— Dataset content —
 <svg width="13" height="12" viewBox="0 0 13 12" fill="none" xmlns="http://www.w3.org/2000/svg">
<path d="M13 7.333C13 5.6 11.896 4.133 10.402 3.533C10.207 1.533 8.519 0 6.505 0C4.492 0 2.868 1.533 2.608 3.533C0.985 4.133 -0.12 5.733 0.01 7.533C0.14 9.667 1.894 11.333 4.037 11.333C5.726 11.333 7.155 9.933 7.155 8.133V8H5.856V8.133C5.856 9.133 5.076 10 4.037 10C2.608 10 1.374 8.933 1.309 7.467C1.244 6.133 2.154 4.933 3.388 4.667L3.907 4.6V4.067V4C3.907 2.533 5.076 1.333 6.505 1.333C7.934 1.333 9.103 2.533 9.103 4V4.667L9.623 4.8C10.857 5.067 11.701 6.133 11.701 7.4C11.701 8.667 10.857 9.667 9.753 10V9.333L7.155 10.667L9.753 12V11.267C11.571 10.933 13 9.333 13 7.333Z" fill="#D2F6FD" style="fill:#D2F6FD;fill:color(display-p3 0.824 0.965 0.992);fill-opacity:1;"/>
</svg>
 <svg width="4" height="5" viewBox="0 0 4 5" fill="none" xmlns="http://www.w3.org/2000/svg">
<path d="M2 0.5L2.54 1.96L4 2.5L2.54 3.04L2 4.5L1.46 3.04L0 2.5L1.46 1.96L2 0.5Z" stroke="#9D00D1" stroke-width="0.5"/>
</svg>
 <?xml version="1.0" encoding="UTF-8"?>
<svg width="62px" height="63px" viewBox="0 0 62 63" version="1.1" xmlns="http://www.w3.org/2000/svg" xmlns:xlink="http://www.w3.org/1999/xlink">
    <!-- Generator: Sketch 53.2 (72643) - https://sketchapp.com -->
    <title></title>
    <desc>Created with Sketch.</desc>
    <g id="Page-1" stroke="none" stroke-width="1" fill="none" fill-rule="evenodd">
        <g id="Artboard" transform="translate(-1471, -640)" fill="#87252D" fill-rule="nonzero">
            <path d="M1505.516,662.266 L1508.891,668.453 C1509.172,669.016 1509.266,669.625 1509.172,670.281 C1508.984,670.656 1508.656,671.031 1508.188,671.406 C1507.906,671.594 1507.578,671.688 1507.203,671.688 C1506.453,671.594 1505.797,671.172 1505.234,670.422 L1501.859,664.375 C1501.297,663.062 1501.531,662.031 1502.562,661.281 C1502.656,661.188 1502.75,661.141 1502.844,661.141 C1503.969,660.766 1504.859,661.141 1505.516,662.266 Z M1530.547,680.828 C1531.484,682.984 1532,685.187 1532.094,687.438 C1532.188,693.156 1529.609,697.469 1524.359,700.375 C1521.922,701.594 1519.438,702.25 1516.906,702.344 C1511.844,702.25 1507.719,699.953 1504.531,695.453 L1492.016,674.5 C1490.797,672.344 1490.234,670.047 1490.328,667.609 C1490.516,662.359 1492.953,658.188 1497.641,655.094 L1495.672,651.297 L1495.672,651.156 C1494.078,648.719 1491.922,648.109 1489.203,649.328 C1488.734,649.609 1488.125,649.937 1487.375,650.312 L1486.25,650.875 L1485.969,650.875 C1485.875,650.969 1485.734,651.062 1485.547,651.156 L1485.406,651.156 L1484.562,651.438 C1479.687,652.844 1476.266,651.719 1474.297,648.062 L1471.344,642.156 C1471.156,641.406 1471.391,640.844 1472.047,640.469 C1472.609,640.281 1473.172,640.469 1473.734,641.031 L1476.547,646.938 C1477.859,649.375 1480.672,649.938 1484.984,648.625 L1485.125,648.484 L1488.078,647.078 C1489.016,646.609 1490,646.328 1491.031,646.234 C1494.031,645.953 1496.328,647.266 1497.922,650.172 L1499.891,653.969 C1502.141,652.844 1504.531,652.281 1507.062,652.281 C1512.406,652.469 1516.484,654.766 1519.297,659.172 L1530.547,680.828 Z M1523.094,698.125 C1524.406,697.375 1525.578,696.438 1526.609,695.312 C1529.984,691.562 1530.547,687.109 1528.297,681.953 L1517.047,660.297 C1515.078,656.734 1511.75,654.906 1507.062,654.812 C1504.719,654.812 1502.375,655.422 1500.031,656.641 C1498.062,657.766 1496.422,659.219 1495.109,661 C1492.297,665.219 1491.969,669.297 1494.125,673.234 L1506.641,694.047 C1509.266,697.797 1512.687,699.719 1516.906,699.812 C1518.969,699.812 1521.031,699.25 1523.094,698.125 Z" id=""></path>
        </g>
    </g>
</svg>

— Aim of the task —
Could you print every record above exactly as it appears?

— Written reply —
 <svg width="13" height="12" viewBox="0 0 13 12" fill="none" xmlns="http://www.w3.org/2000/svg">
<path d="M13 7.333C13 5.6 11.896 4.133 10.402 3.533C10.207 1.533 8.519 0 6.505 0C4.492 0 2.868 1.533 2.608 3.533C0.985 4.133 -0.12 5.733 0.01 7.533C0.14 9.667 1.894 11.333 4.037 11.333C5.726 11.333 7.155 9.933 7.155 8.133V8H5.856V8.133C5.856 9.133 5.076 10 4.037 10C2.608 10 1.374 8.933 1.309 7.467C1.244 6.133 2.154 4.933 3.388 4.667L3.907 4.6V4.067V4C3.907 2.533 5.076 1.333 6.505 1.333C7.934 1.333 9.103 2.533 9.103 4V4.667L9.623 4.8C10.857 5.067 11.701 6.133 11.701 7.4C11.701 8.667 10.857 9.667 9.753 10V9.333L7.155 10.667L9.753 12V11.267C11.571 10.933 13 9.333 13 7.333Z" fill="#D2F6FD" style="fill:#D2F6FD;fill:color(display-p3 0.824 0.965 0.992);fill-opacity:1;"/>
</svg>
 <svg width="4" height="5" viewBox="0 0 4 5" fill="none" xmlns="http://www.w3.org/2000/svg">
<path d="M2 0.5L2.54 1.96L4 2.5L2.54 3.04L2 4.5L1.46 3.04L0 2.5L1.46 1.96L2 0.5Z" stroke="#9D00D1" stroke-width="0.5"/>
</svg>
 <?xml version="1.0" encoding="UTF-8"?>
<svg width="62px" height="63px" viewBox="0 0 62 63" version="1.1" xmlns="http://www.w3.org/2000/svg" xmlns:xlink="http://www.w3.org/1999/xlink">
    <!-- Generator: Sketch 53.2 (72643) - https://sketchapp.com -->
    <title></title>
    <desc>Created with Sketch.</desc>
    <g id="Page-1" stroke="none" stroke-width="1" fill="none" fill-rule="evenodd">
        <g id="Artboard" transform="translate(-1471, -640)" fill="#87252D" fill-rule="nonzero">
            <path d="M1505.516,662.266 L1508.891,668.453 C1509.172,669.016 1509.266,669.625 1509.172,670.281 C1508.984,670.656 1508.656,671.031 1508.188,671.406 C1507.906,671.594 1507.578,671.688 1507.203,671.688 C1506.453,671.594 1505.797,671.172 1505.234,670.422 L1501.859,664.375 C1501.297,663.062 1501.531,662.031 1502.562,661.281 C1502.656,661.188 1502.75,661.141 1502.844,661.141 C1503.969,660.766 1504.859,661.141 1505.516,662.266 Z M1530.547,680.828 C1531.484,682.984 1532,685.187 1532.094,687.438 C1532.188,693.156 1529.609,697.469 1524.359,700.375 C1521.922,701.594 1519.438,702.25 1516.906,702.344 C1511.844,702.25 1507.719,699.953 1504.531,695.453 L1492.016,674.5 C1490.797,672.344 1490.234,670.047 1490.328,667.609 C1490.516,662.359 1492.953,658.188 1497.641,655.094 L1495.672,651.297 L1495.672,651.156 C1494.078,648.719 1491.922,648.109 1489.203,649.328 C1488.734,649.609 1488.125,649.937 1487.375,650.312 L1486.25,650.875 L1485.969,650.875 C1485.875,650.969 1485.734,651.062 1485.547,651.156 L1485.406,651.156 L1484.562,651.438 C1479.687,652.844 1476.266,651.719 1474.297,648.062 L1471.344,642.156 C1471.156,641.406 1471.391,640.844 1472.047,640.469 C1472.609,640.281 1473.172,640.469 1473.734,641.031 L1476.547,646.938 C1477.859,649.375 1480.672,649.938 1484.984,648.625 L1485.125,648.484 L1488.078,647.078 C1489.016,646.609 1490,646.328 1491.031,646.234 C1494.031,645.953 1496.328,647.266 1497.922,650.172 L1499.891,653.969 C1502.141,652.844 1504.531,652.281 1507.062,652.281 C1512.406,652.469 1516.484,654.766 1519.297,659.172 L1530.547,680.828 Z M1523.094,698.125 C1524.406,697.375 1525.578,696.438 1526.609,695.312 C1529.984,691.562 1530.547,687.109 1528.297,681.953 L1517.047,660.297 C1515.078,656.734 1511.75,654.906 1507.062,654.812 C1504.719,654.812 1502.375,655.422 1500.031,656.641 C1498.062,657.766 1496.422,659.219 1495.109,661 C1492.297,665.219 1491.969,669.297 1494.125,673.234 L1506.641,694.047 C1509.266,697.797 1512.687,699.719 1516.906,699.812 C1518.969,699.812 1521.031,699.25 1523.094,698.125 Z" id=""></path>
        </g>
    </g>
</svg>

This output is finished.